State space model multiple imputation for missing data in non-stationary multivariate time series with application in digital Psychiatry

-
Cunz 160 and Zoom

Xiaoxuan Cai, PhD, OSU

Xiaoxuan Cai, PhD

Xiaoxuan Cai, PhD   
Assistant Professor   
https://xiaoxuan-cai.github.io/   
OSU Department of Statistics 

 

Mobile technology (e.g., mobile phones and wearable devices) provides effective and scalable methods for collecting  physiological and behavioral biomarkers in patients’ naturalistic settings, as well as opportunity for therapeutic advancements  and scientific discoveries regarding the etiology of psychiatric illness. Continuous data collection yields a new type of data:  entangled multivariate time series of outcome, exposure, and covariates. Missing data is a pervasive problem in biomedical and  social science research, and Ecological Momentary Assessment (EMA) in psychiatric research via mobile devices is no exception.  However, complex data structure of multivariate time series and non-stationarity make missing data a major challenge for  proper inference. Time series analyses typically include history information as explanatory variables to control for auto correlation, exacerbating the missing data problem and potentially rendering unfeasible to adjust appropriately for confounding. The majority of available imputation methods are either designed for longitudinal data with limited follow-up times or for  stationary time series. Limited work on non-stationary time series either focuses on missing exogenous information or ignores  the complex relationship among outcome, exposure and covariates time series. How to handle missing data in complex non stationary multivariate time series is a key problem that remains unresolved, and the performance of existing imputation  methods remains to be evaluated in the context of non-stationary mobile device data.

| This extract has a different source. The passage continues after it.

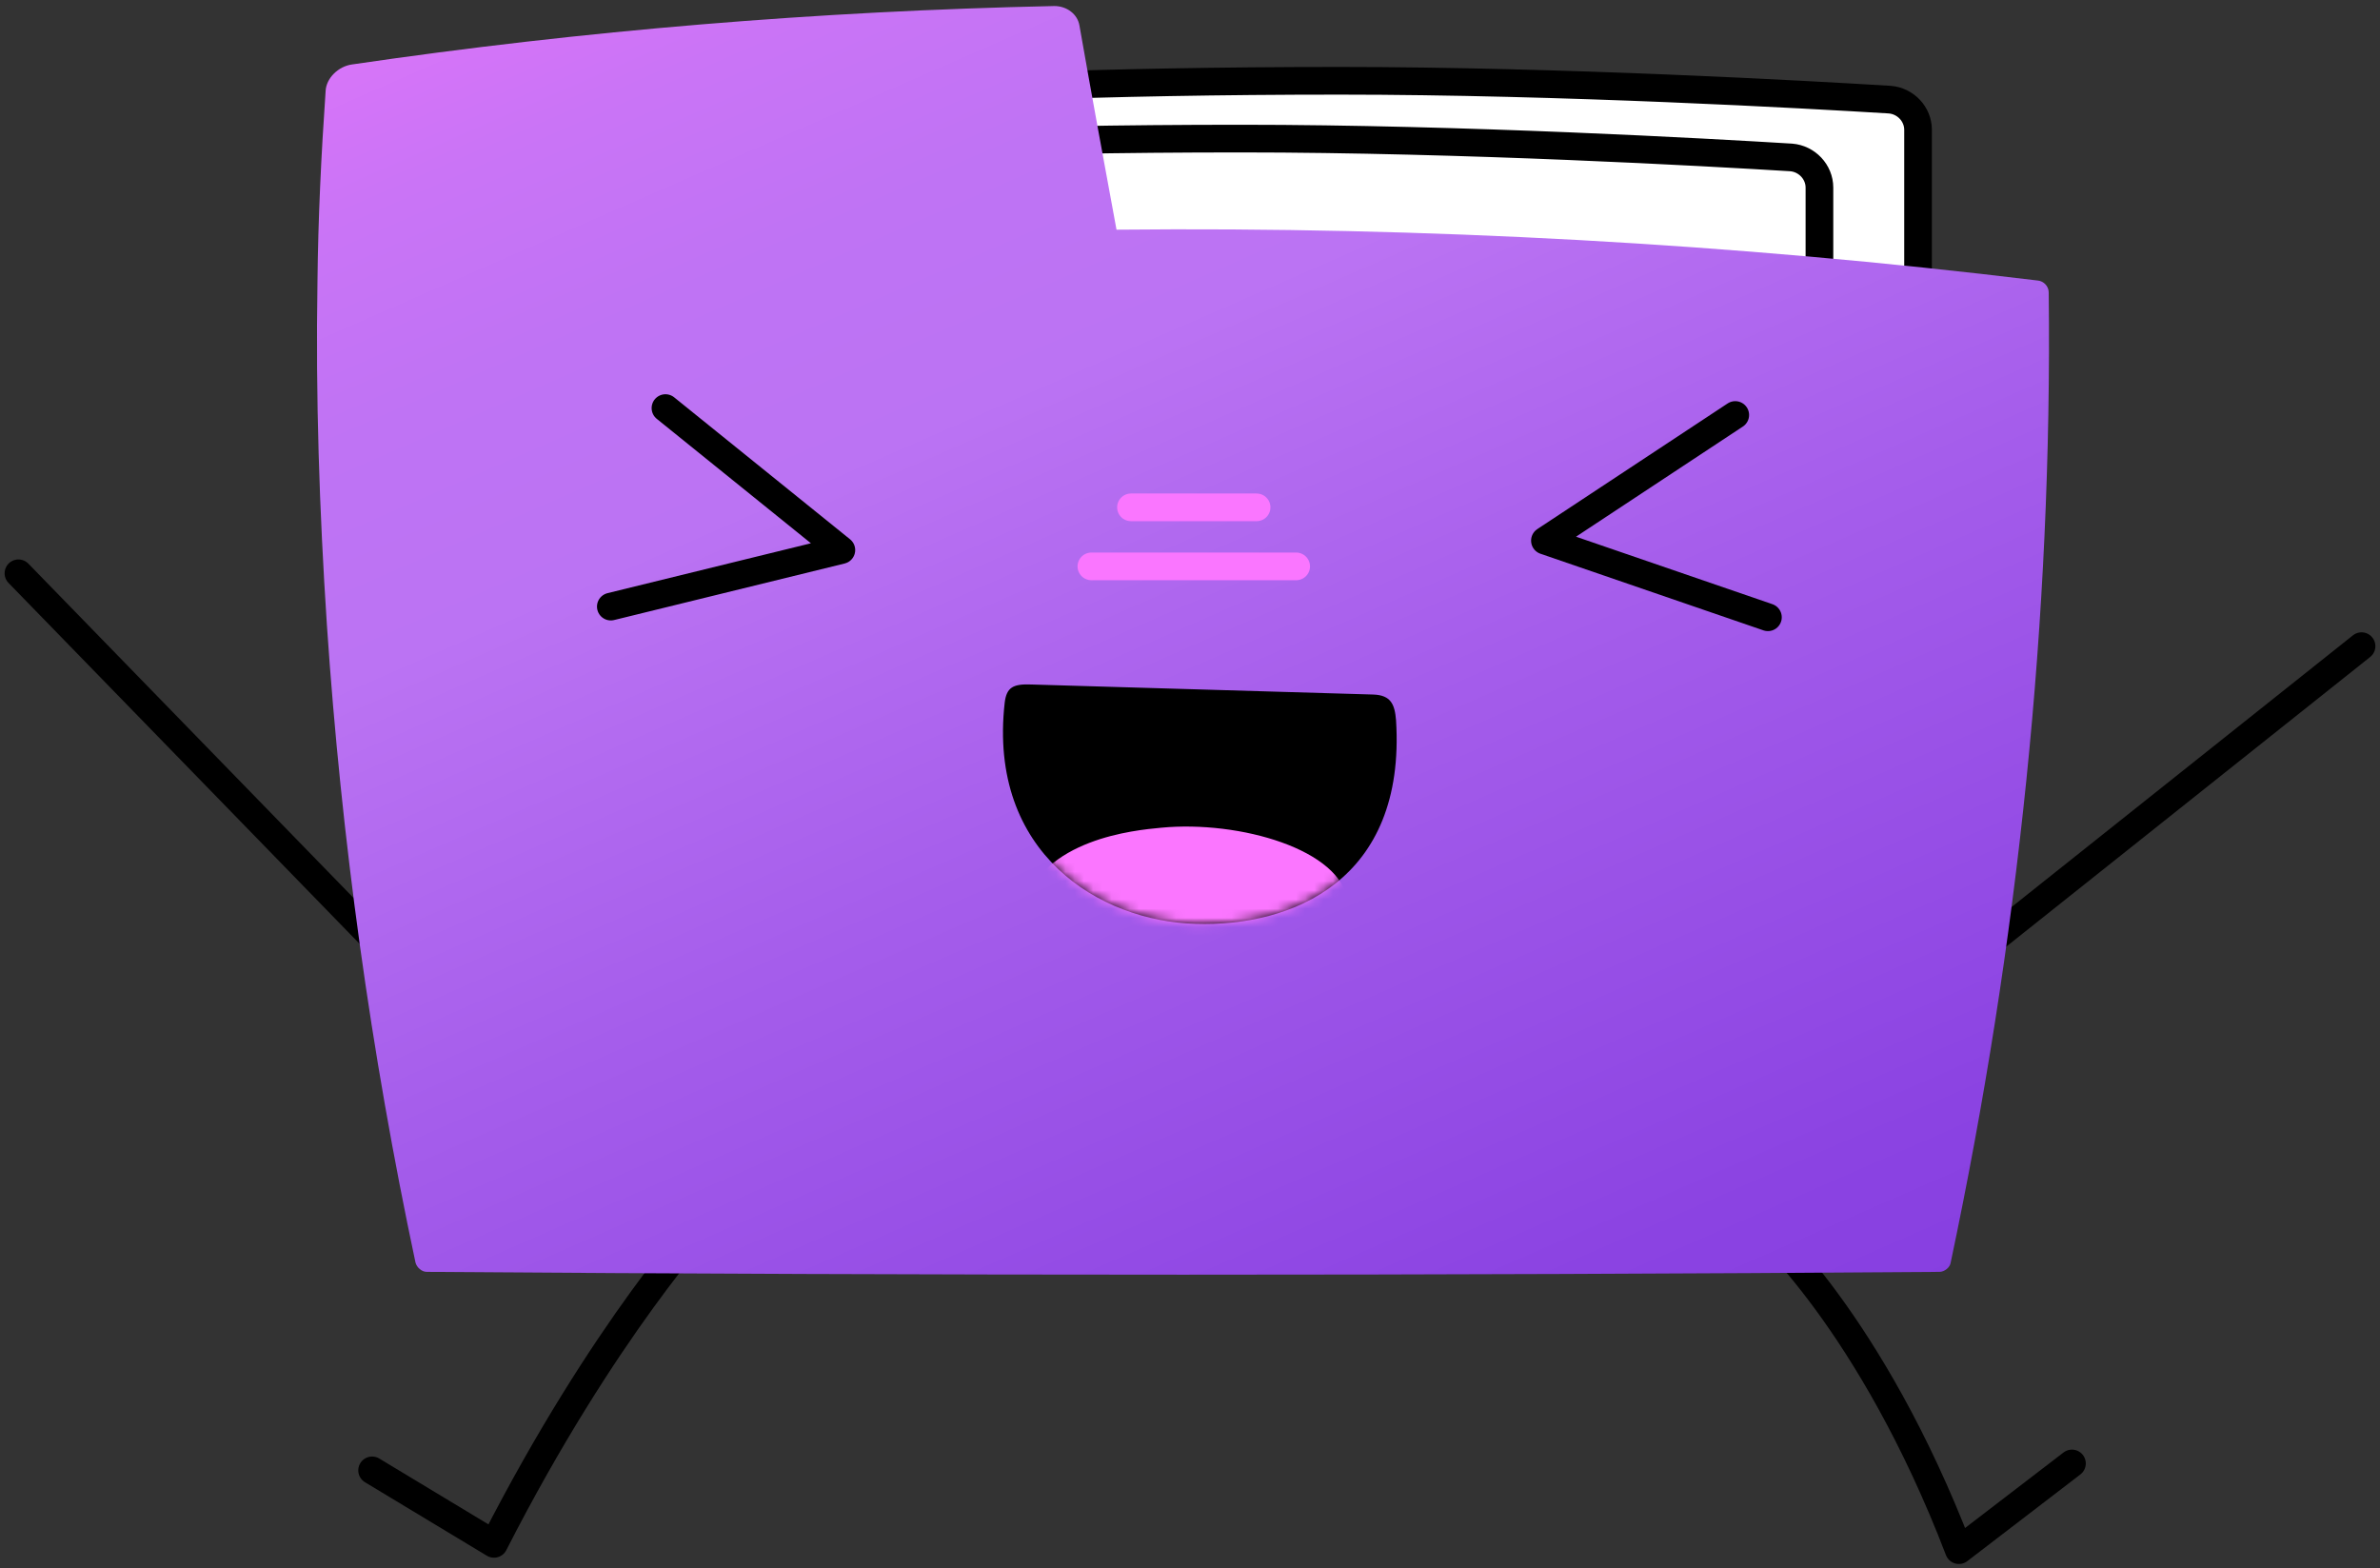<?xml version="1.0" encoding="UTF-8"?> <svg xmlns="http://www.w3.org/2000/svg" width="258" height="170" viewBox="0 0 258 170" fill="none"><rect x="0" y="0" width="258" height="170" fill="#333333" stroke="none"/> <path d="M207.924 114.103H68.939V12.503C68.939 12.503 92.296 8.758 145.207 8.758C169.245 8.758 195.939 10.256 204.859 10.801C206.562 10.937 207.924 12.367 207.924 14.069V114.103Z" fill="white" stroke="black" stroke-width="3" stroke-miterlimit="10" stroke-linecap="round" stroke-linejoin="round"></path> <path d="M255.999 70.044L213.303 104.025" stroke="black" stroke-width="3" stroke-miterlimit="10" stroke-linecap="round" stroke-linejoin="round"></path> <path d="M2 62.145L41.019 102.254" stroke="black" stroke-width="3" stroke-miterlimit="10" stroke-linecap="round" stroke-linejoin="round"></path> <path d="M190.831 132.762C190.831 132.762 202.816 143.18 212.35 168.036L224.607 158.638" stroke="black" stroke-width="3" stroke-miterlimit="10" stroke-linecap="round" stroke-linejoin="round"></path> <path d="M76.769 131.876C76.769 131.876 65.466 143.997 53.549 167.354L40.338 159.387" stroke="black" stroke-width="3" stroke-miterlimit="10" stroke-linecap="round" stroke-linejoin="round"></path> <path d="M197.165 120.368H58.248V18.768C58.248 18.768 81.605 15.023 134.516 15.023C158.554 15.023 185.248 16.521 194.169 17.066C195.871 17.202 197.233 18.632 197.233 20.334V120.368H197.165Z" fill="white" stroke="black" stroke-width="3" stroke-miterlimit="10" stroke-linecap="round" stroke-linejoin="round"></path> <path d="M220.931 30.413C187.904 26.395 154.468 24.556 121.033 24.897C119.671 17.542 118.309 10.12 117.015 2.765C116.811 1.54 115.654 0.654 114.292 0.654C88.687 1.199 63.219 3.31 38.16 6.987C36.661 7.192 35.368 8.485 35.3 9.847C34.823 16.725 34.483 23.671 34.414 30.617C34.21 43.01 34.619 55.336 35.436 67.729C37.002 90.95 40.203 114.103 45.038 136.847C45.174 137.392 45.718 137.869 46.263 137.869C100.74 138.277 155.762 138.277 210.24 137.869C210.784 137.869 211.397 137.392 211.465 136.847C218.752 102.39 222.497 66.98 222.088 31.706C222.088 31.025 221.543 30.481 220.931 30.413Z" fill="url(#paint0_linear_2364_37)"></path> <path d="M72.139 44.236L91.206 59.626L66.215 65.755" stroke="black" stroke-width="3" stroke-miterlimit="10" stroke-linecap="round" stroke-linejoin="round"></path> <path d="M191.649 66.912L167.475 58.605L188.108 44.985" stroke="black" stroke-width="3" stroke-miterlimit="10" stroke-linecap="round" stroke-linejoin="round"></path> <path d="M122.601 54.995H136.22" stroke="#FA76FF" stroke-width="3" stroke-miterlimit="10" stroke-linecap="round"></path> <path d="M118.31 61.396H140.509" stroke="#FA76FF" stroke-width="3" stroke-miterlimit="10" stroke-linecap="round"></path> <path d="M111.772 74.198C109.866 74.13 109.116 74.471 108.912 76.173C107.073 92.516 119.263 99.871 129.613 100.143C140.032 100.484 152.426 95.445 151.336 78.08C151.2 76.378 150.792 75.356 148.885 75.288L111.772 74.198Z" fill="black"></path> <mask id="mask0_2364_37" style="mask-type:luminance" maskUnits="userSpaceOnUse" x="108" y="74" width="44" height="27"> <path d="M111.772 74.198C109.866 74.13 109.116 74.471 108.912 76.173C107.073 92.516 119.263 99.871 129.613 100.143C140.032 100.484 152.426 95.445 151.336 78.08C151.2 76.378 150.792 75.356 148.885 75.288L111.772 74.198Z" fill="white"></path> </mask> <g mask="url(#mask0_2364_37)"> <path d="M110.819 98.373C113.066 90.95 122.94 89.997 125.869 89.725C134.381 88.907 145.48 92.108 146.093 97.76C146.434 101.437 142.076 104.978 140.033 106.681C130.091 114.716 114.565 114.103 111.16 105.659C109.73 102.254 110.751 98.713 110.819 98.373Z" fill="#FB76FF"></path> </g> <defs> <linearGradient id="paint0_linear_2364_37" x1="28" y1="-22" x2="125.552" y2="200.666" gradientUnits="userSpaceOnUse"> <stop stop-color="#FA76FF"></stop> <stop offset="0.006" stop-color="#F876FF"></stop> <stop offset="0.095" stop-color="#DD75FA"></stop> <stop offset="0.186" stop-color="#CA74F6"></stop> <stop offset="0.279" stop-color="#BF73F4"></stop> <stop offset="0.377" stop-color="#BB73F3"></stop> <stop offset="0.571" stop-color="#A55DEB"></stop> <stop offset="0.838" stop-color="#8B43E2"></stop> <stop offset="1" stop-color="#823ADF"></stop> </linearGradient> </defs> </svg>

We propose a novel data imputation  solution based on the state space model and multiple imputation to properly address missing data in non-stationary multivariate  time series. We demonstrate its advantages over other widely used missing data imputation strategies by evaluating its  theoretical properties and empirical performance in simulations of both stationary and non-stationary time series, subject to  various missing mechanisms. We apply the proposed method to investigate the association between digital social interaction  and negative mood in a multi-year smartphone observational study of bipolar and schizophrenia patients.